Severe weather has plagued all parts of the US, including the Great Lakes, over the past decade, from floods to droughts, from blizzards to heavy thunderstorms, and from freezing cold to extreme heat. What has been causing such events? What types of weather should we expect to see in the future?
This webinar will cover:
- weather and climate change
- a discussion of recent weather events across the country
- how climate change is likely to affect future extreme weather events and their frequency
- resources that can help people understand and manage the impacts of extreme weather events and climate change
Dr. Martin Hoerling is a research meteorologist, specializing in climate dynamics in NOAA’s Earth System Research Laboratory located in Boulder, Colorado. He recently served as Convening Lead Author for the Southwest U.S. Assessment Report, a contribution to the upcoming National Climate Assessment. He was Lead Author for the US Climate Change Science Plan Synthesis and Assessment Report on “Attribution of the Causes of Climate Variations and Trends over North America” (2009). Dr. Hoerling has previously served as Chairman of the US CLIVAR (Climate Variability) research program.
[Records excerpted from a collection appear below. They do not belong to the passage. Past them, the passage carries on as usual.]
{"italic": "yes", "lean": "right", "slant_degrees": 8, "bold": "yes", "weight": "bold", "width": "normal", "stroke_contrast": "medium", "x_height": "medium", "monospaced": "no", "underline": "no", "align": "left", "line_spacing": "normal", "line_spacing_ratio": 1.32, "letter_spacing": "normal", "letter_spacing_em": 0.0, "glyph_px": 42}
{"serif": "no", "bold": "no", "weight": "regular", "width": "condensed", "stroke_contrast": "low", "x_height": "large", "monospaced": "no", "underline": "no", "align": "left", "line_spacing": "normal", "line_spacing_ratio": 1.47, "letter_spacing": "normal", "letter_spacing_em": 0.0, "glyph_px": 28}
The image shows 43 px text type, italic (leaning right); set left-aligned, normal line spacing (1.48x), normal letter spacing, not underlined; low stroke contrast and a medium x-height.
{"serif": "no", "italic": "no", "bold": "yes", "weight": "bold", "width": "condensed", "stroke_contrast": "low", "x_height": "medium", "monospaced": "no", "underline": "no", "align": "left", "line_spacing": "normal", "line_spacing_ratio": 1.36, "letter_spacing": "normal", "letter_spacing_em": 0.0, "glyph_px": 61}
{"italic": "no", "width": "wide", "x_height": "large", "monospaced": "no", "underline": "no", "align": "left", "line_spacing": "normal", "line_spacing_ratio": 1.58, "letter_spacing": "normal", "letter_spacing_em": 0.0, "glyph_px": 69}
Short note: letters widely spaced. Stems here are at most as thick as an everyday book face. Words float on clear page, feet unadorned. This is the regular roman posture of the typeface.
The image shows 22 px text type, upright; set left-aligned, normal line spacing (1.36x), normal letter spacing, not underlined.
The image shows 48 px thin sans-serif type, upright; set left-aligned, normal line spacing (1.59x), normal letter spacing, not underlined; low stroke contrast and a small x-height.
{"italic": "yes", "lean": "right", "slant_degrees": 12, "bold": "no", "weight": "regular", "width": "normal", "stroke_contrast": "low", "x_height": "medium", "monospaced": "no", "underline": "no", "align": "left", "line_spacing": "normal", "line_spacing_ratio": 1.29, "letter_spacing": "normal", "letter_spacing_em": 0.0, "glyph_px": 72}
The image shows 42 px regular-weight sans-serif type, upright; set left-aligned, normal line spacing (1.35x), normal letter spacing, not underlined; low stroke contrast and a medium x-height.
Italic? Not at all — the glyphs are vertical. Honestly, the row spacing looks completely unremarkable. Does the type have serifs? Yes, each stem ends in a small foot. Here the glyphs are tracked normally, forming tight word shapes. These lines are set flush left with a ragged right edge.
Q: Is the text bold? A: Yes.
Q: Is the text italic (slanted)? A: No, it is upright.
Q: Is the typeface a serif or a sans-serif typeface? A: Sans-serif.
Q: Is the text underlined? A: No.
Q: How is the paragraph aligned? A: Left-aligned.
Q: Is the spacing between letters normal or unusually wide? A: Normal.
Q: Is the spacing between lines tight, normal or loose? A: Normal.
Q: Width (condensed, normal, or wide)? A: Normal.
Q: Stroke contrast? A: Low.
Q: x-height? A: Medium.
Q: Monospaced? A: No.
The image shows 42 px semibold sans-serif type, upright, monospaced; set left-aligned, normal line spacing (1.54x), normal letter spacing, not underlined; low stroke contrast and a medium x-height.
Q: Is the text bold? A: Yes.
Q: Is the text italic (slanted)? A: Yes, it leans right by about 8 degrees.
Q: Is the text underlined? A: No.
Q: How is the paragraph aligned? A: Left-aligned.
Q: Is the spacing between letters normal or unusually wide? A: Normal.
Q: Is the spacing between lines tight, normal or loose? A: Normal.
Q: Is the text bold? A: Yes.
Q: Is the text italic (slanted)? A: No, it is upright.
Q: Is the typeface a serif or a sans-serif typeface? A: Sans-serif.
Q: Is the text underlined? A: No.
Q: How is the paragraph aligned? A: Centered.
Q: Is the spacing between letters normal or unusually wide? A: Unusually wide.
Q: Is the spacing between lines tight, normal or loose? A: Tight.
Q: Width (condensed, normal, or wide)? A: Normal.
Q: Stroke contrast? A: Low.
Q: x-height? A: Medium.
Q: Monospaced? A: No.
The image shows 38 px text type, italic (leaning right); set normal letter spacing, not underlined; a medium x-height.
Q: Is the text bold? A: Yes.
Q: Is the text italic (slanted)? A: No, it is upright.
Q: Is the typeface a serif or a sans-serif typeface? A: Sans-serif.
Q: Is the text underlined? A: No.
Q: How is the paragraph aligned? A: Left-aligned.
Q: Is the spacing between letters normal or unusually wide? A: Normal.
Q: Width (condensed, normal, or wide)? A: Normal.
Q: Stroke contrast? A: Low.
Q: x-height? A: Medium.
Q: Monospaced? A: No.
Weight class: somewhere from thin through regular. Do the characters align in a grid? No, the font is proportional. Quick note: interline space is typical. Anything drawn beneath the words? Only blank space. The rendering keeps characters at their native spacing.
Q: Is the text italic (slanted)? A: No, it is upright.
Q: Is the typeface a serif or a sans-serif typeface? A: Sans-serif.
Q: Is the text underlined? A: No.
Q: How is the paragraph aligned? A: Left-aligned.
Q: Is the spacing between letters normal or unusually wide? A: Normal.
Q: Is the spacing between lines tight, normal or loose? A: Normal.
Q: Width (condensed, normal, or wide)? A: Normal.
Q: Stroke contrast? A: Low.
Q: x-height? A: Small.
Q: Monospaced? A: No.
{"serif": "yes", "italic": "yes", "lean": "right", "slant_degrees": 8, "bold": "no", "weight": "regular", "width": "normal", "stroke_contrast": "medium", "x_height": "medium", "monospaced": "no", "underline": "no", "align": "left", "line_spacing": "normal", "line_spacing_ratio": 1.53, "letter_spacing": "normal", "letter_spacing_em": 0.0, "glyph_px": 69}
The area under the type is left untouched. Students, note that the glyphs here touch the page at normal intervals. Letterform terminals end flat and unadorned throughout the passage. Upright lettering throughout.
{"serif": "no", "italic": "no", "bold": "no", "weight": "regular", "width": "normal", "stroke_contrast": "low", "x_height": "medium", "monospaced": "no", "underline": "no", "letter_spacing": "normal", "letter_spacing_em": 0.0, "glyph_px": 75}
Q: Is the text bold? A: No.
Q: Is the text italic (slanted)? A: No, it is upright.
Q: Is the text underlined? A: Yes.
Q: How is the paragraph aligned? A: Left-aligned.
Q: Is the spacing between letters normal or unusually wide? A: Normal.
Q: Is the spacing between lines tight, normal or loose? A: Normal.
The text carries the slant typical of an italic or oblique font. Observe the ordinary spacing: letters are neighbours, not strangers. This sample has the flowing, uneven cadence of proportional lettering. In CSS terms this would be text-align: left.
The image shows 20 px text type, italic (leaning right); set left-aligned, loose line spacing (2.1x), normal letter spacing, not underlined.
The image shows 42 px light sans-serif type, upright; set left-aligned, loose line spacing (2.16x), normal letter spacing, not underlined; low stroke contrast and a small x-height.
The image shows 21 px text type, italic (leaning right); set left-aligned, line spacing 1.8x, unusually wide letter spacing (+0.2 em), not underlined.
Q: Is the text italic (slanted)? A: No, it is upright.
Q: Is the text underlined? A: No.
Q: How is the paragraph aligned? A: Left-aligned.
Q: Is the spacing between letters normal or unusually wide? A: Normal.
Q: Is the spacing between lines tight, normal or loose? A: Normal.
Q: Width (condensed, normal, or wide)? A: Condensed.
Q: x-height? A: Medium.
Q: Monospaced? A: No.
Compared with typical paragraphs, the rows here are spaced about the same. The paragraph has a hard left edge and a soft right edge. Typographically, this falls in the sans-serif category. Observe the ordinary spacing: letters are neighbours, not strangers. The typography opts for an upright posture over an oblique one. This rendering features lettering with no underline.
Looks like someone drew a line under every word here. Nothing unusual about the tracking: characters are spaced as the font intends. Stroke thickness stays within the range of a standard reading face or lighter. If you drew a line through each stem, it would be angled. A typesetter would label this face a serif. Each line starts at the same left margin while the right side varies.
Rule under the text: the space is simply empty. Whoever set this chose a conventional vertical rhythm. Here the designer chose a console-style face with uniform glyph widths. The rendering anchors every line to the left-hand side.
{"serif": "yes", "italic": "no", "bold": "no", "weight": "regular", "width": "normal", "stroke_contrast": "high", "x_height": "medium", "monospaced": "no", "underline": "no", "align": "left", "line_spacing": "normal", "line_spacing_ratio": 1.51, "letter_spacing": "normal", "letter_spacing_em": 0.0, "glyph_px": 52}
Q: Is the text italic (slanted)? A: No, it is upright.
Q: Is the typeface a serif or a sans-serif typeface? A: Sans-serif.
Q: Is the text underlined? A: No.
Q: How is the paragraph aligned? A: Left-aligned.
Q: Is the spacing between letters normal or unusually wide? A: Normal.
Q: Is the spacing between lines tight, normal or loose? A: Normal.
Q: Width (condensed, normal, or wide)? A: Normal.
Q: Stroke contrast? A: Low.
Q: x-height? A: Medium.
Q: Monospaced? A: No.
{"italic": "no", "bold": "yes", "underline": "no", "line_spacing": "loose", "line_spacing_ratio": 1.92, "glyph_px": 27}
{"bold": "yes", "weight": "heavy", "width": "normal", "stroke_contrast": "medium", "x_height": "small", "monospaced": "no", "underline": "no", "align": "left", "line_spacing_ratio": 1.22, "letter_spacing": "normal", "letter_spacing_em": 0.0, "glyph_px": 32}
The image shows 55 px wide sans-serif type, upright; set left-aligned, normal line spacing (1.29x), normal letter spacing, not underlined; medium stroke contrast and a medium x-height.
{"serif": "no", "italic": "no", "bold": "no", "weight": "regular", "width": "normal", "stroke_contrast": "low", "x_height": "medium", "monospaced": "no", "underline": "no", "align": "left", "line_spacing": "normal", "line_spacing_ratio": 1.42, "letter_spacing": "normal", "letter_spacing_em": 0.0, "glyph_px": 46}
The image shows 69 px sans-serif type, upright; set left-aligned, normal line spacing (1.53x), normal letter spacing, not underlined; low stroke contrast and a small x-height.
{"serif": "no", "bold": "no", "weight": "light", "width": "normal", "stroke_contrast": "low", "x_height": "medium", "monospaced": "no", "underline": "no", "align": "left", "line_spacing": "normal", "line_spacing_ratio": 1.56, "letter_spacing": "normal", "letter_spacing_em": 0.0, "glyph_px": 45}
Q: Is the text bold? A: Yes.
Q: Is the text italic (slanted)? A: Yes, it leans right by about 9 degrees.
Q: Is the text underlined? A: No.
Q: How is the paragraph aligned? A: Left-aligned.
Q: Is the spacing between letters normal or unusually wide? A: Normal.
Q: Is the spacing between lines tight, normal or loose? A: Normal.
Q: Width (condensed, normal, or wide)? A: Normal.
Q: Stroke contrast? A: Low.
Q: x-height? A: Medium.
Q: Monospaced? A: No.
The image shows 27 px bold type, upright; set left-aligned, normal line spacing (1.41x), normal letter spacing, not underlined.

His research interests include climate variability on seasonal to centennial time scales, focusing on air-sea interactions such as related to El Niño, and the role of oceans in climate variation and climate change, and understanding the physics of extreme weather/climate events. He received his Bachelors, Masters, and PhD degrees from the University of Wisconsin-Madison, graduating in 1987.
Barbara Mayes Boustead
Barbara Mayes Boustead is a forecast meteorologist and climate program manager at the National Weather Service office in Omaha/Valley, Nebraska. A Michigan native, Barbara obtained her Bachelor of Science and Bachelor of Arts degrees from Central Michigan University in 2000, with majors in meteorology, geography, and English, and minors in mathematics and history. Barbara earned a Master of Science degree in meteorology from The Pennsylvania State University in 2002, and she is currently a Ph.D. candidate at the University of Nebraska-Lincoln in Natural Resources with a specialization in Climate Assessment and Impacts. Barbara’s professional and research interests include topics such as climate (including climate variability, change, extremes, applications, and impacts), historical weather and climate events, severe and extreme weather, and improving communication of weather and climate concepts.